[Collected data entries]
* * *
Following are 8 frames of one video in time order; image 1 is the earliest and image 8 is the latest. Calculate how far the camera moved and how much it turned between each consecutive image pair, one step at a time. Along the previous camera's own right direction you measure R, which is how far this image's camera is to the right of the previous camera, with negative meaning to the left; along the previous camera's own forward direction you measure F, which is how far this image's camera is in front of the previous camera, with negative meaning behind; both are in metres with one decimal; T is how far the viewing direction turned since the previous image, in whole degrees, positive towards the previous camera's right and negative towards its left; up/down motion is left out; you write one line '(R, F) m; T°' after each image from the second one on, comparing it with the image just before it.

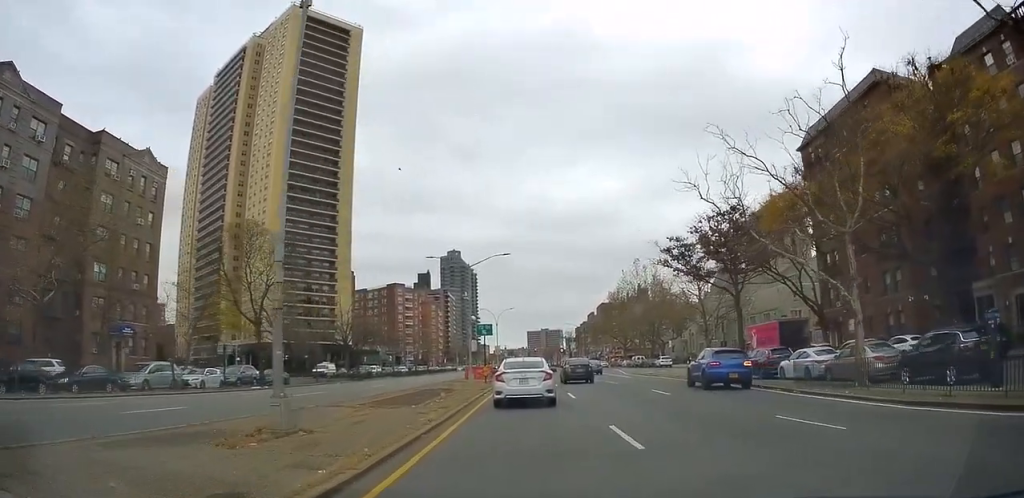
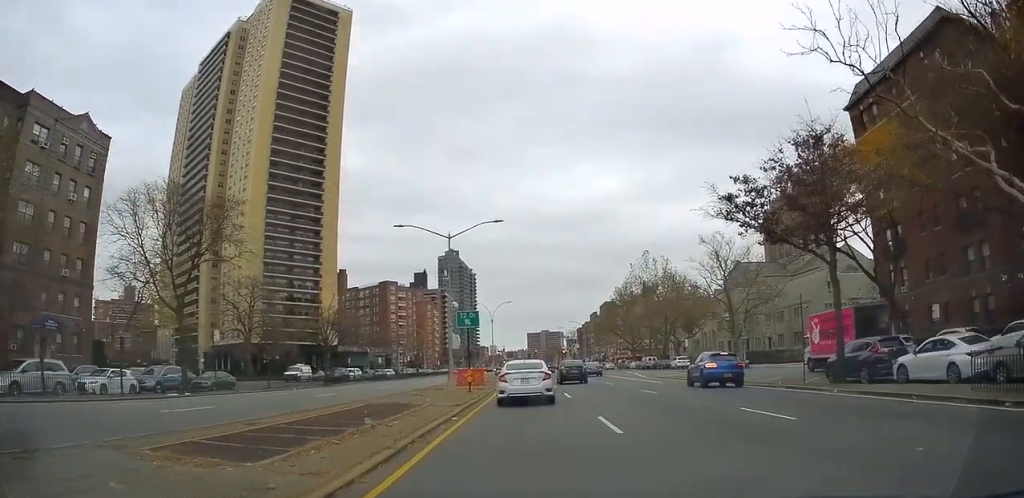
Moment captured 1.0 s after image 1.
(+0.1, +10.8) m; +1°
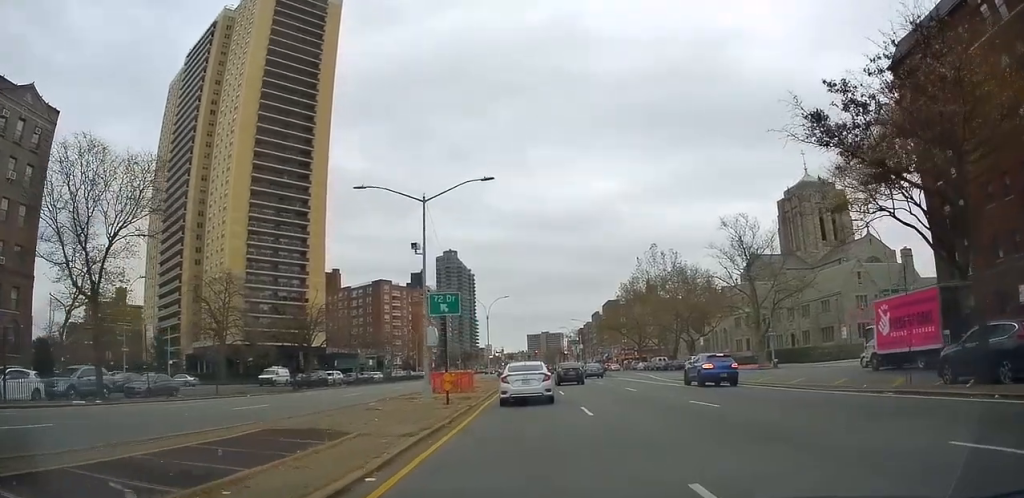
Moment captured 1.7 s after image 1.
(0.0, +7.7) m; 0°
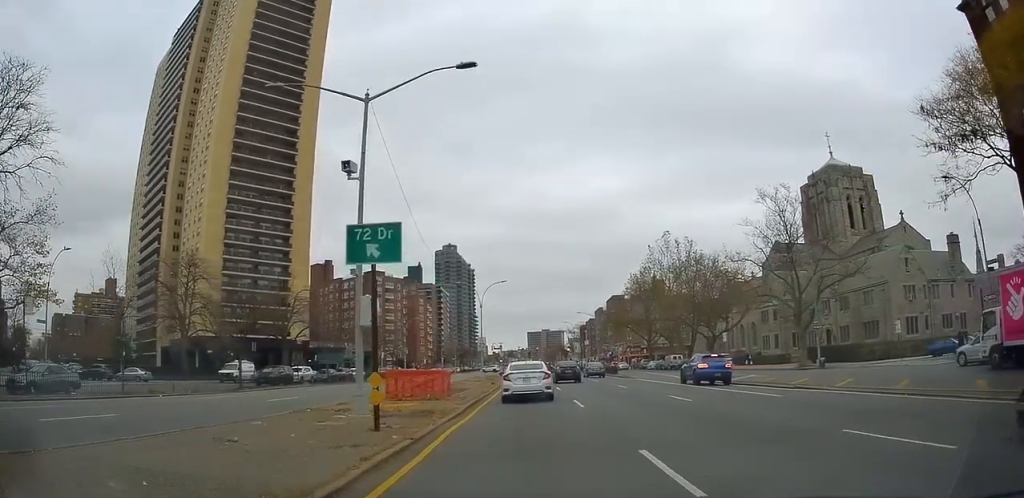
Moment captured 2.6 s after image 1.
(0.0, +9.2) m; 0°
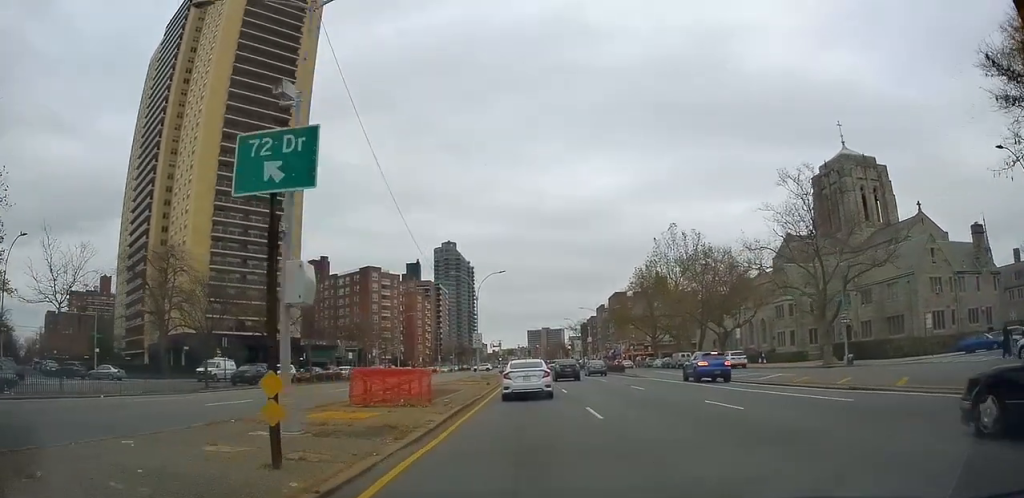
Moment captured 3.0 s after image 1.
(0.0, +4.2) m; 0°
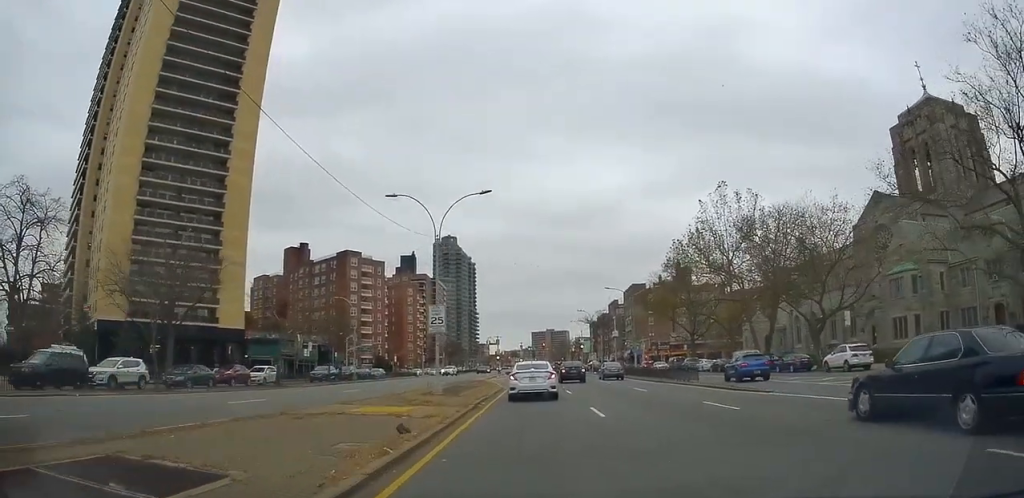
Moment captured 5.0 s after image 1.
(-0.3, +22.4) m; -3°
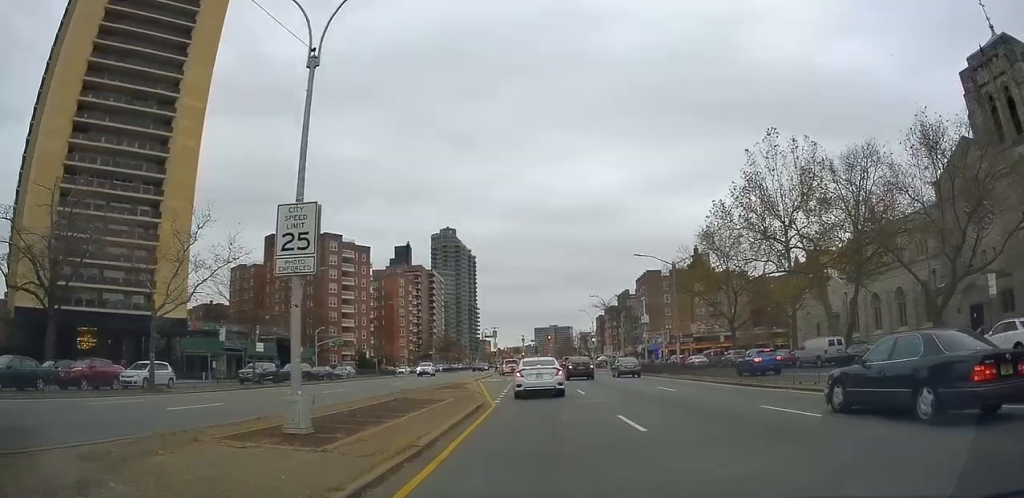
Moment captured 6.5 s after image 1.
(+0.1, +16.9) m; +1°
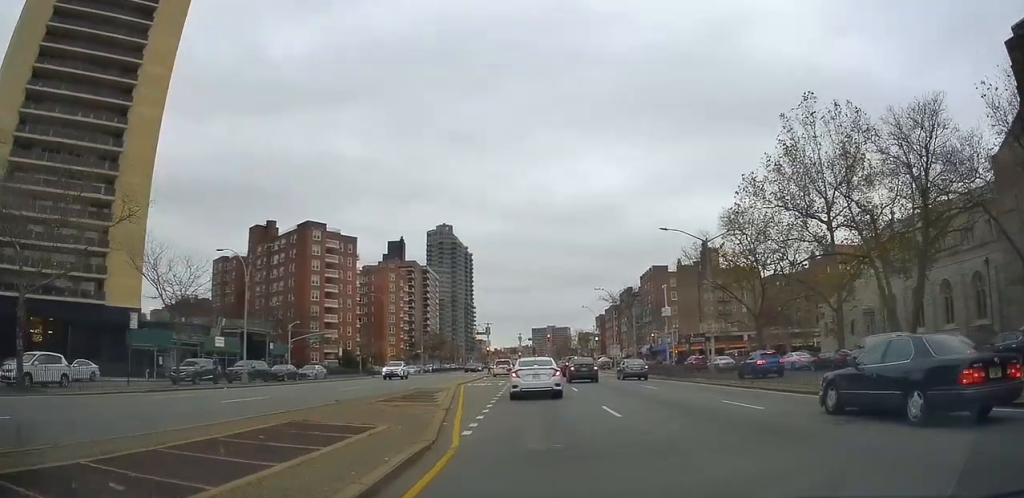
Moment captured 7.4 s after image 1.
(+0.1, +9.6) m; 0°
* * *
WORK TASK
Beginning at the line that holds "Moment captured 2.6 s after image 1." and ending with the last line of the entries, please set down each line exactly, leaving every picture out.

ANSWER FOR THE TASK
Moment captured 2.6 s after image 1.
(0.0, +9.2) m; 0°
Moment captured 3.0 s after image 1.
(0.0, +4.2) m; 0°
Moment captured 5.0 s after image 1.
(-0.3, +22.4) m; -3°
Moment captured 6.5 s after image 1.
(+0.1, +16.9) m; +1°
Moment captured 7.4 s after image 1.
(+0.1, +9.6) m; 0°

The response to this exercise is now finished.